Turn down the temperature on your water heater

Water heating makes up approximately 18% of your home's energy costs. If you want to save money on your heating bill while also prolonging the life of your water heater, consider turning the temperature down. According to the U.S. Environmental Protection Agency, turning your water heater down to 120 degrees can save you up to 10% a year on hot water heating.

What's more, turning your water heater temperature down keeps your water heater working more efficiently for longer because it doesn't need to put in as much energy into heating up your water. Considering the average water heater lasts between six to 13 years, you could get more bang for your buck by turning your water down to 120 degrees.

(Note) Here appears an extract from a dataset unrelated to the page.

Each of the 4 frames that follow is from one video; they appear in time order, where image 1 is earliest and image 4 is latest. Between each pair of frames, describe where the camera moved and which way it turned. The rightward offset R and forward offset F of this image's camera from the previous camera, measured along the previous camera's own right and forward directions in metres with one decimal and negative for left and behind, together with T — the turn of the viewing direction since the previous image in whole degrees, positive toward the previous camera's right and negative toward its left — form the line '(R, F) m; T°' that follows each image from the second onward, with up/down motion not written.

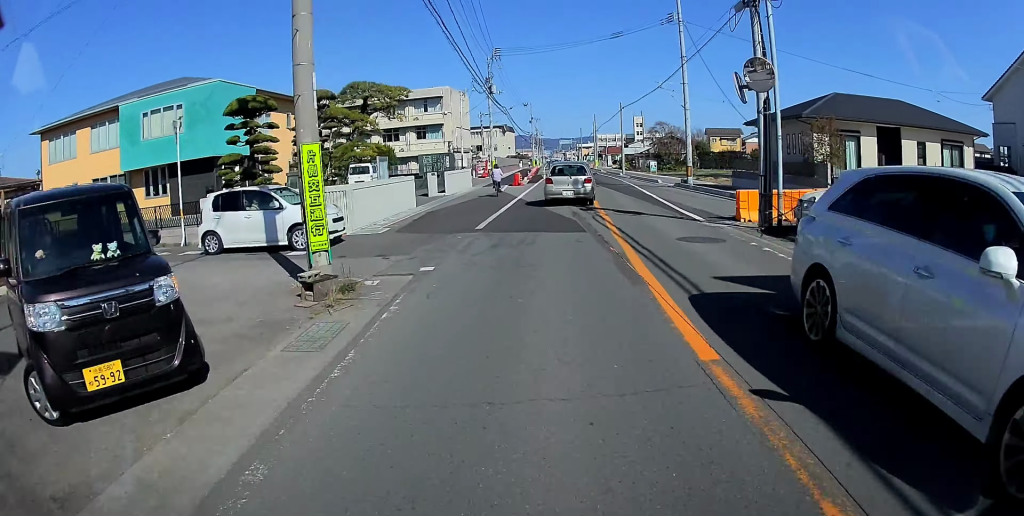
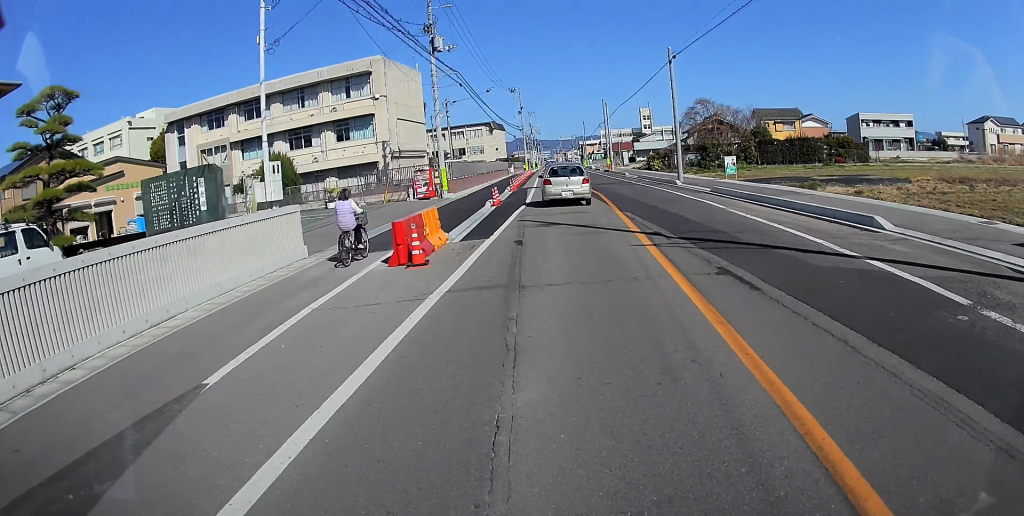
(+1.0, +29.6) m; -2°
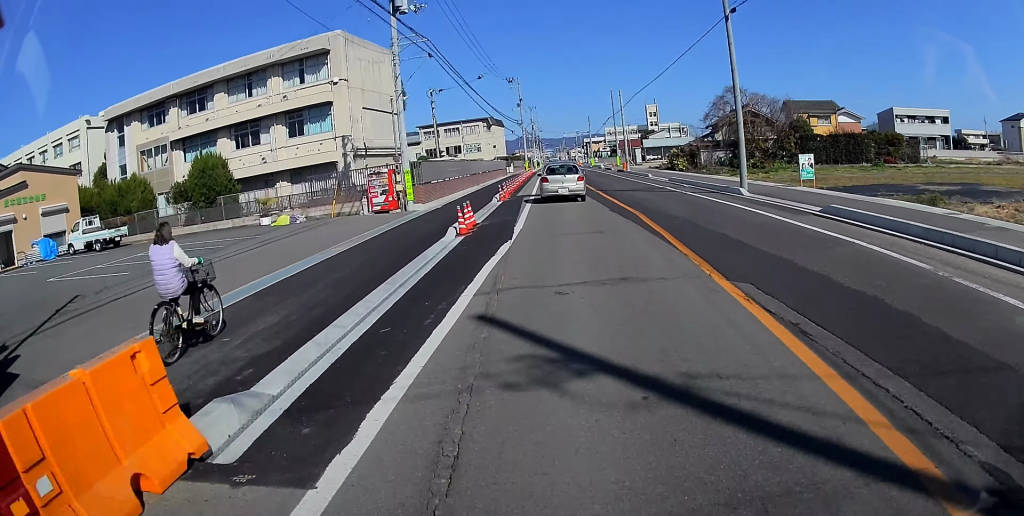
(-0.5, +9.9) m; +2°
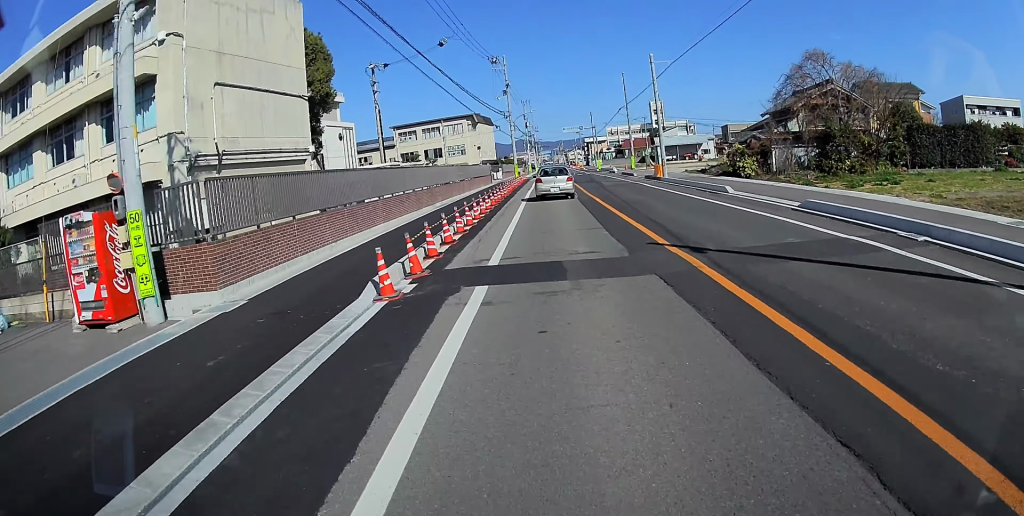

Go ham with your insulation

About 20% of every dollar you spend on your home heating goes through the roof without adequate insulation. During the winter months when you're pumping warm air through your vents, you're introducing air into your home that's less dense than the air outside. When you have inadequate insulation or drafts in your home, the less dense warm air will rise up to the second story to your attic and out through the roof.

Inadequate insulation not only causes high heating bills but it can also make your heating system work harder, your water heater work harder, and it can put your roof at risk. That said, make sure to properly insulate your attic. You can also close up any drafts around your home with spray-adhesive insulation.

It's no secret that home maintenance can be pricey. But when you take care of smaller issues before they become major problems, you can save yourself a lot of money in the long run.